> **Your assignment**
Only the pictures are to be left out; return the rest of the data exactly as it stands.

Extracted data entries
"""
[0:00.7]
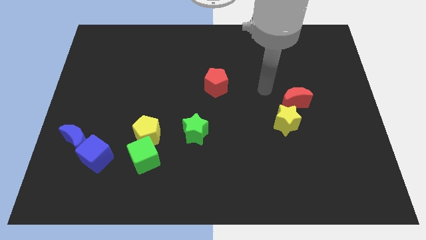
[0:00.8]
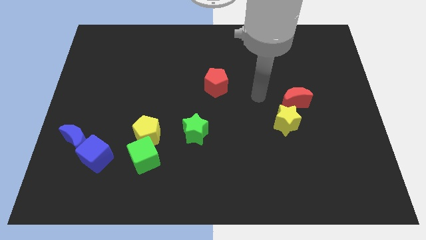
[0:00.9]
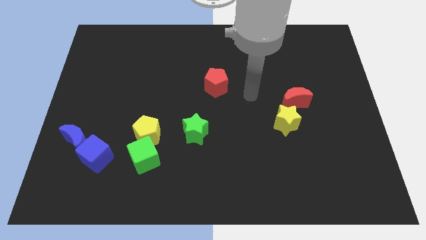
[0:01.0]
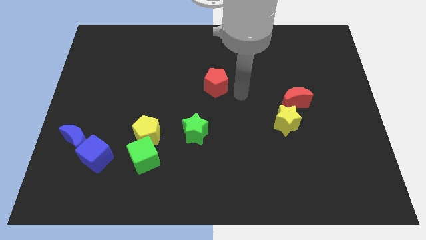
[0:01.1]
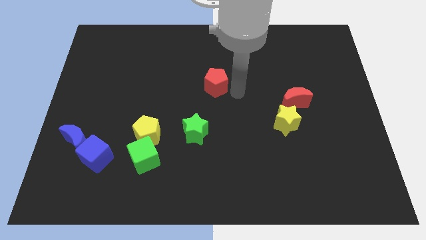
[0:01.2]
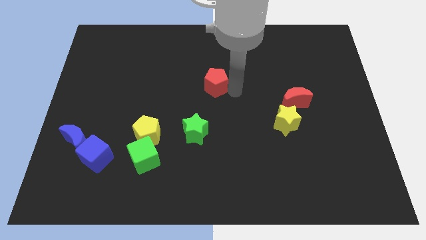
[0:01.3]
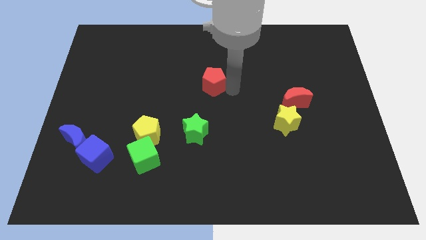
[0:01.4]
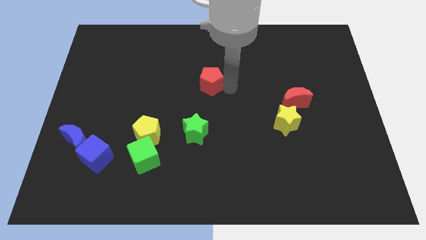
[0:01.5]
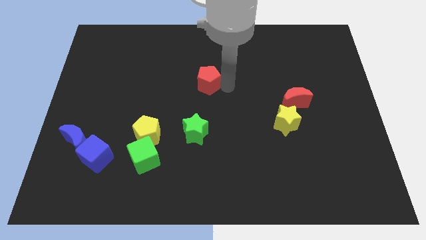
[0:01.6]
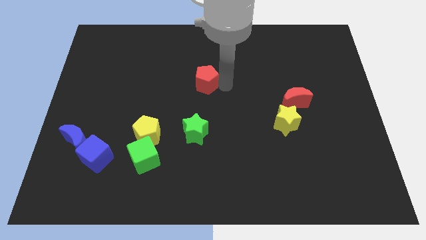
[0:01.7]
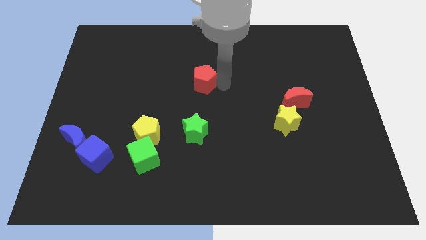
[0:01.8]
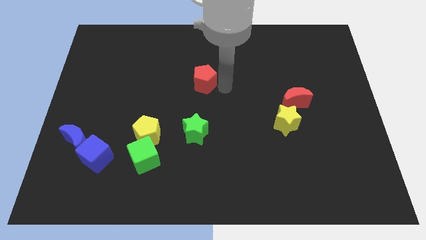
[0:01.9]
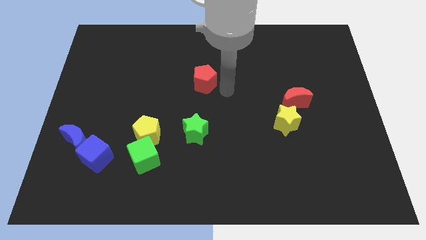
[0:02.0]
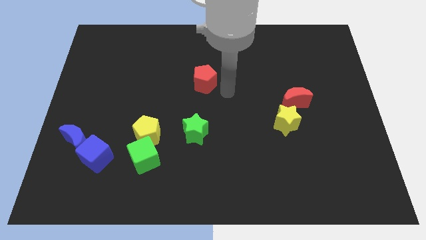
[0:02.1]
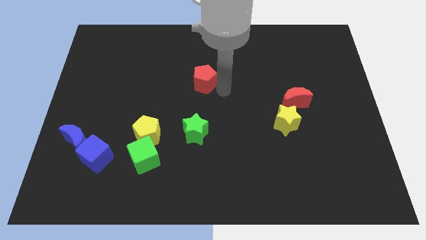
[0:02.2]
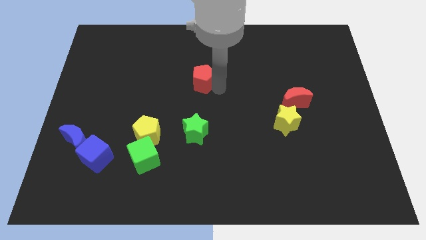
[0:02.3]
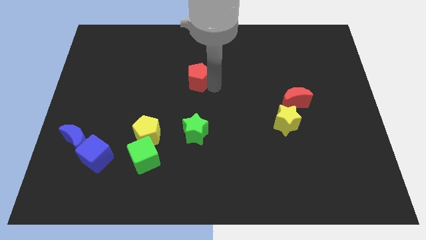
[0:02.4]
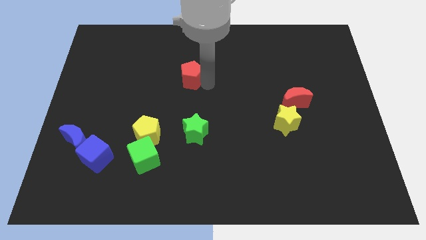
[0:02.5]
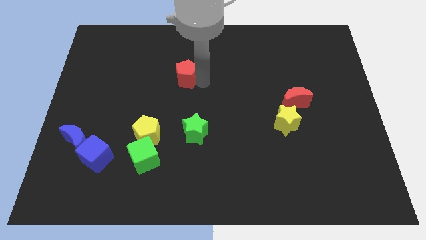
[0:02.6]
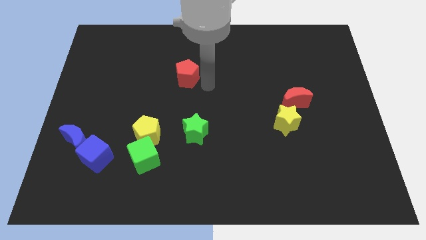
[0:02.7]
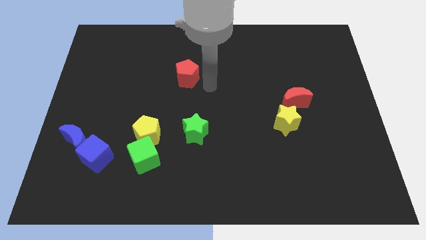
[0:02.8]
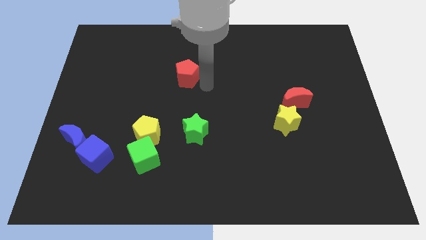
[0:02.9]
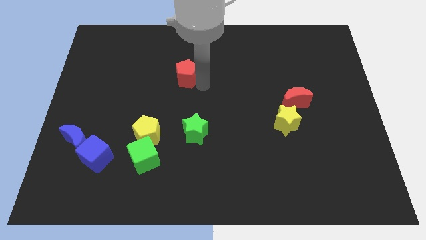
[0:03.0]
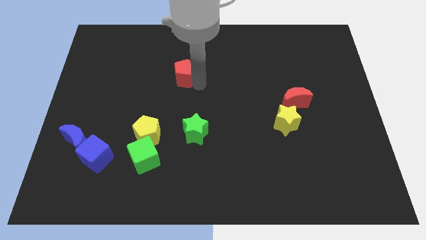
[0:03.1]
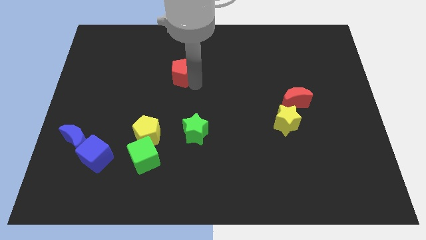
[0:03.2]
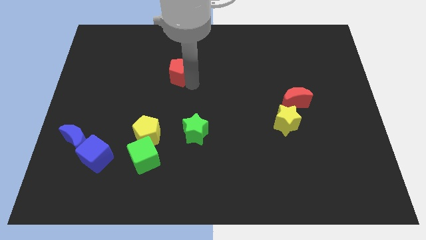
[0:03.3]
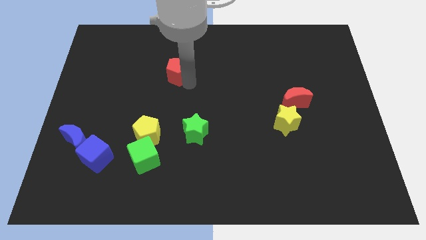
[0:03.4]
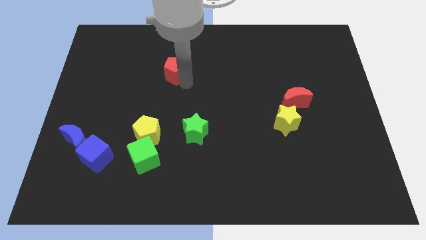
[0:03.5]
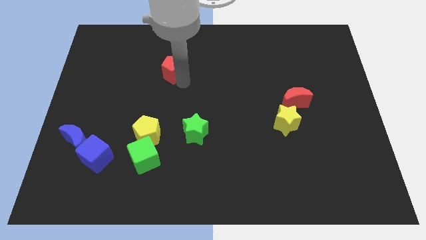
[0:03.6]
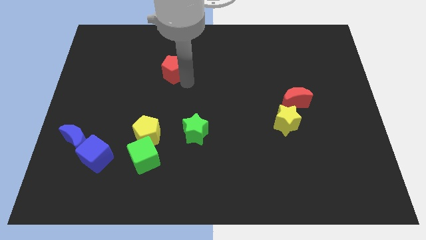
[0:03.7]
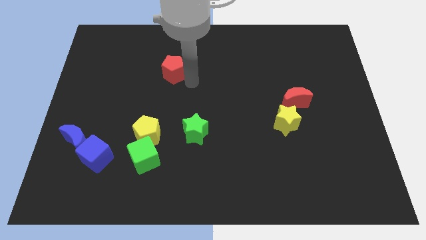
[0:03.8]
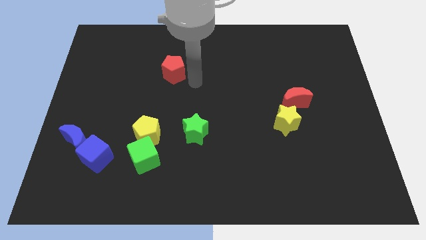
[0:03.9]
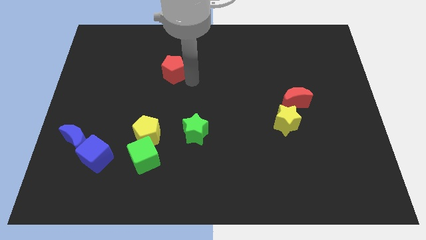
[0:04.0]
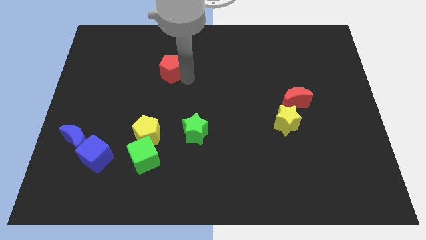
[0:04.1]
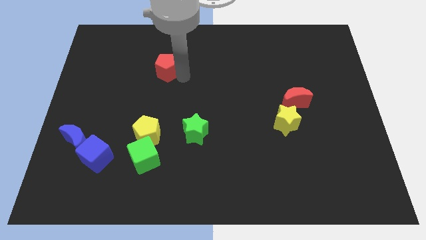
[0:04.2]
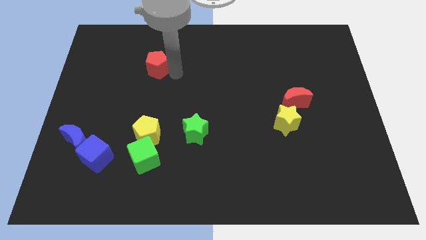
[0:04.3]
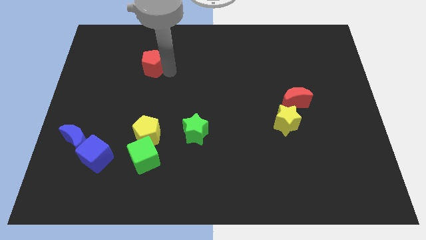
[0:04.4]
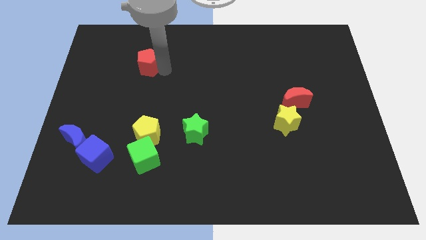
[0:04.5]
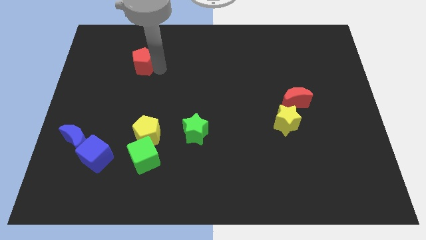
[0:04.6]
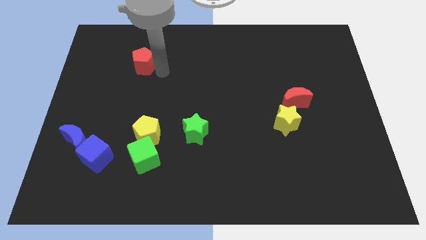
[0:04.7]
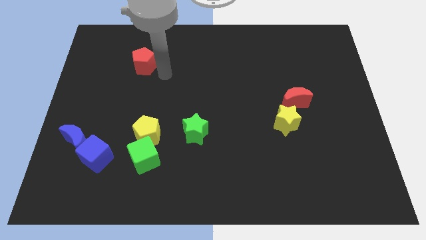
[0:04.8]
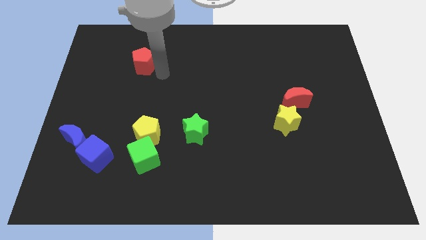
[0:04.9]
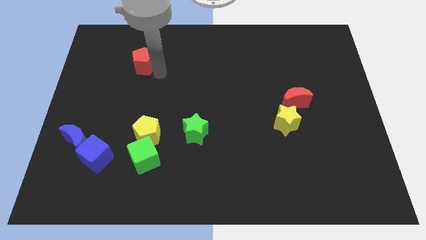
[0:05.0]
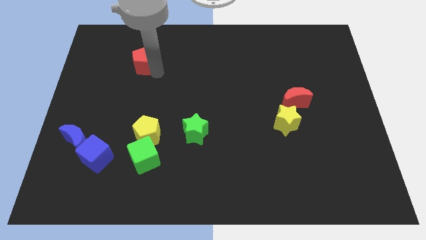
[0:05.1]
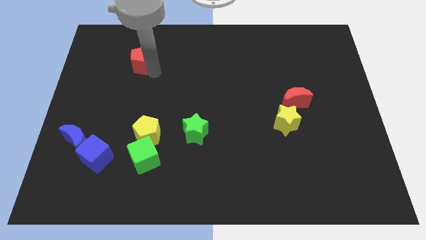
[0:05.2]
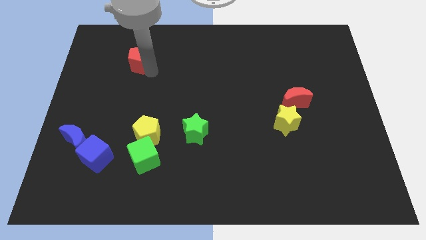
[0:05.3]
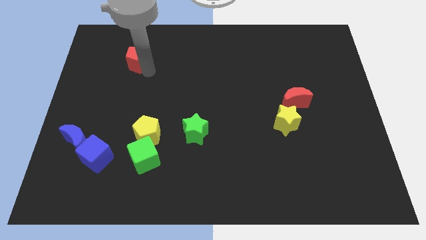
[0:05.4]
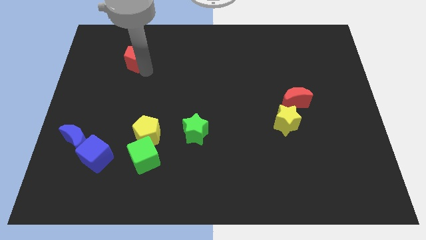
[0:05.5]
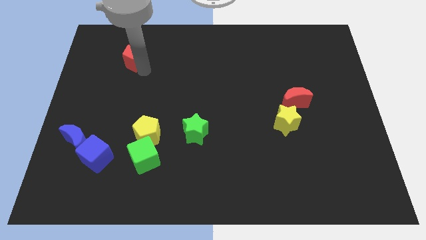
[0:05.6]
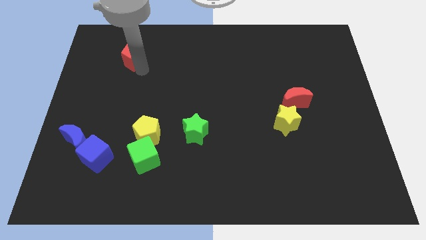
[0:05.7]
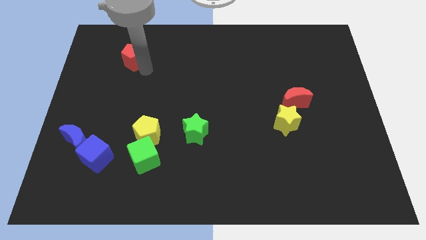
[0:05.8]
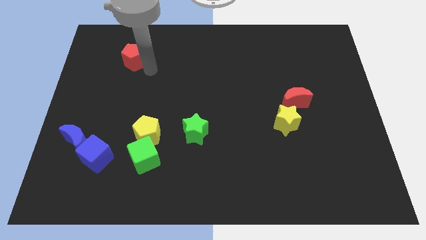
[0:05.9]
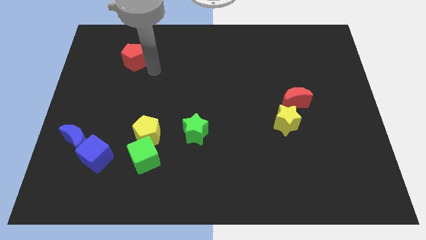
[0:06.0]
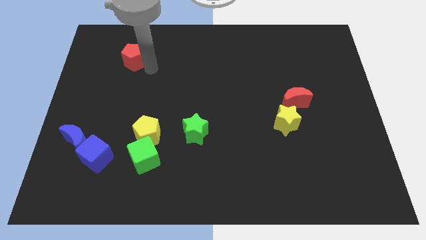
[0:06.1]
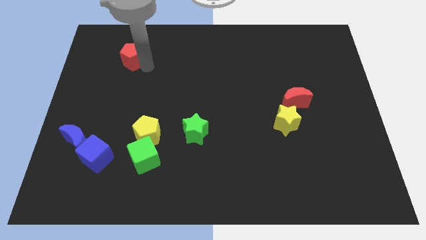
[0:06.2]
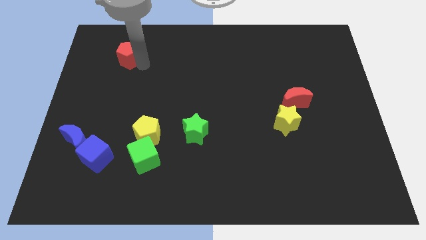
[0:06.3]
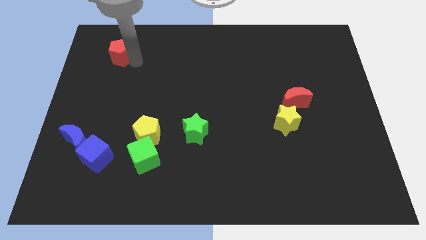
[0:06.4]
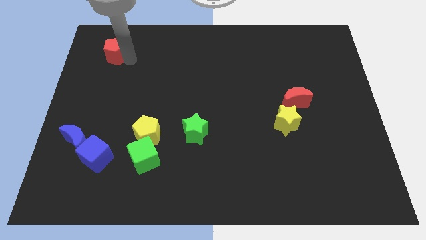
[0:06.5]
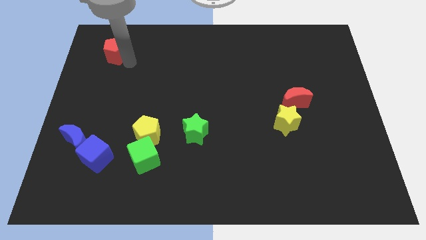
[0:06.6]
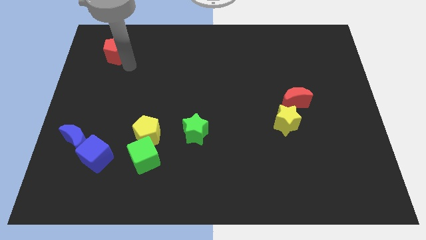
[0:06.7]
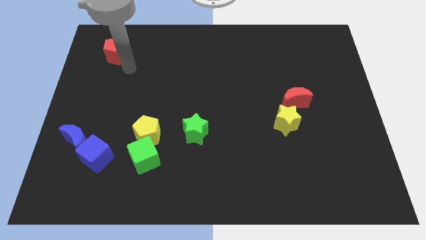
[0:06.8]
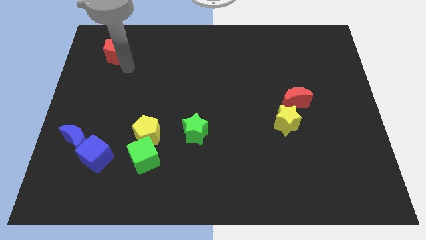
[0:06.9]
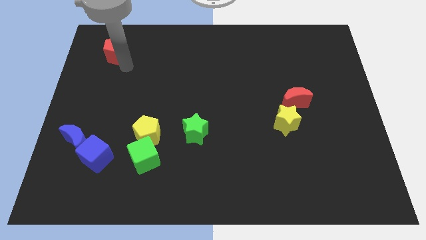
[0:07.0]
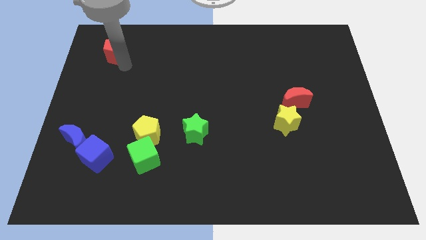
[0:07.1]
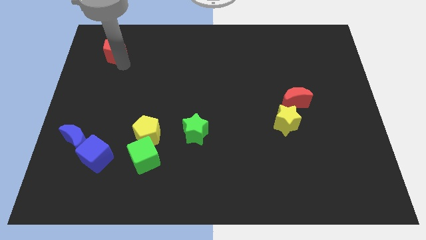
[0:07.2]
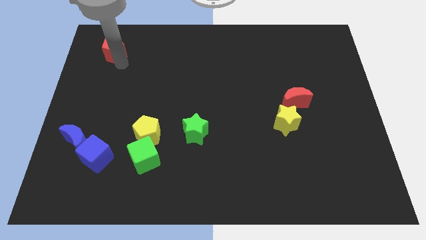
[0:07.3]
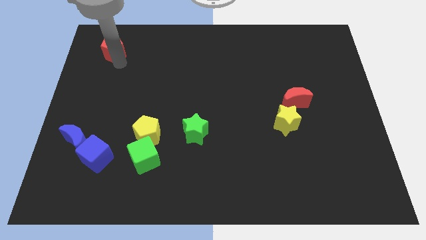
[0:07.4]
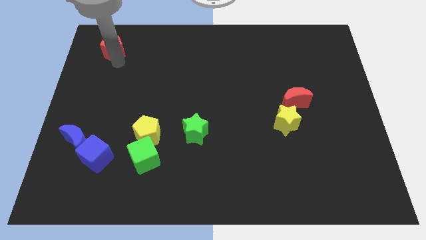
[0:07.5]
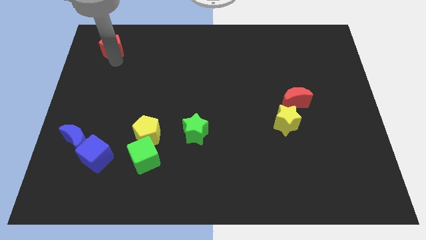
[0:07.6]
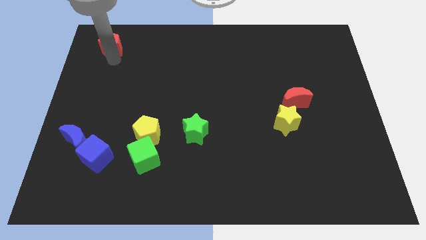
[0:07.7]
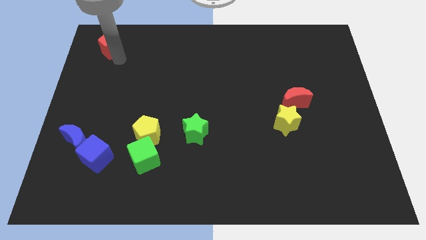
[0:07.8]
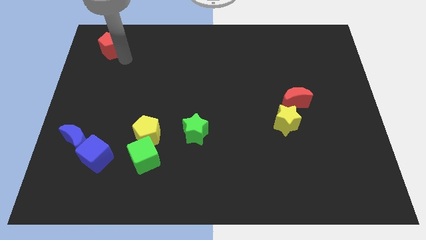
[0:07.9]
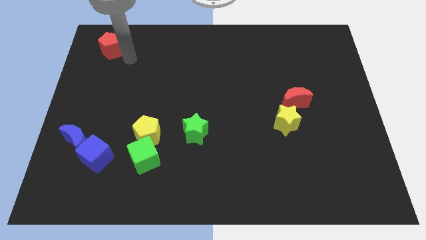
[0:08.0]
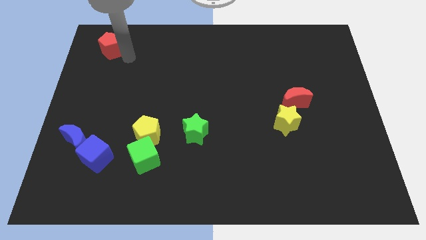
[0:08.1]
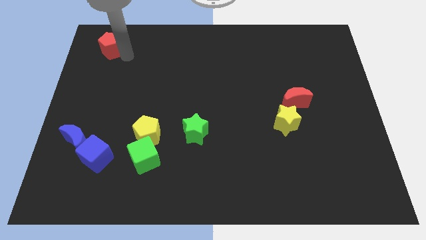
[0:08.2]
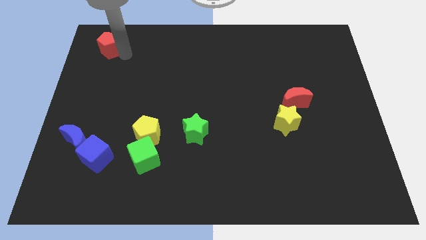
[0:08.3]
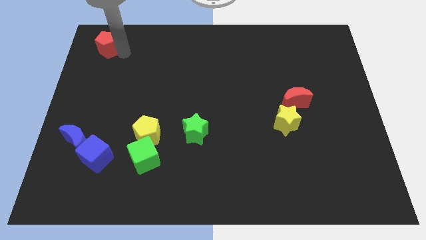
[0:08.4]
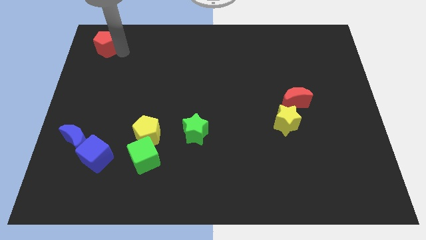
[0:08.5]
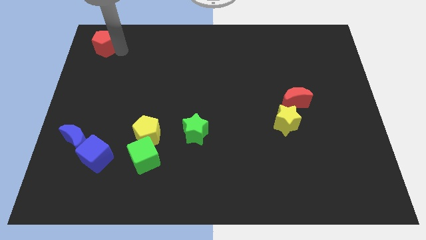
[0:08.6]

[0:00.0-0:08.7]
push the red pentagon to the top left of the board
"""
> **Solution to this problem**
[0:00.7]
[0:00.8]
[0:00.9]
[0:01.0]
[0:01.1]
[0:01.2]
[0:01.3]
[0:01.4]
[0:01.5]
[0:01.6]
[0:01.7]
[0:01.8]
[0:01.9]
[0:02.0]
[0:02.1]
[0:02.2]
[0:02.3]
[0:02.4]
[0:02.5]
[0:02.6]
[0:02.7]
[0:02.8]
[0:02.9]
[0:03.0]
[0:03.1]
[0:03.2]
[0:03.3]
[0:03.4]
[0:03.5]
[0:03.6]
[0:03.7]
[0:03.8]
[0:03.9]
[0:04.0]
[0:04.1]
[0:04.2]
[0:04.3]
[0:04.4]
[0:04.5]
[0:04.6]
[0:04.7]
[0:04.8]
[0:04.9]
[0:05.0]
[0:05.1]
[0:05.2]
[0:05.3]
[0:05.4]
[0:05.5]
[0:05.6]
[0:05.7]
[0:05.8]
[0:05.9]
[0:06.0]
[0:06.1]
[0:06.2]
[0:06.3]
[0:06.4]
[0:06.5]
[0:06.6]
[0:06.7]
[0:06.8]
[0:06.9]
[0:07.0]
[0:07.1]
[0:07.2]
[0:07.3]
[0:07.4]
[0:07.5]
[0:07.6]
[0:07.7]
[0:07.8]
[0:07.9]
[0:08.0]
[0:08.1]
[0:08.2]
[0:08.3]
[0:08.4]
[0:08.5]
[0:08.6]

[0:00.0-0:08.7]
push the red pentagon to the top left of the board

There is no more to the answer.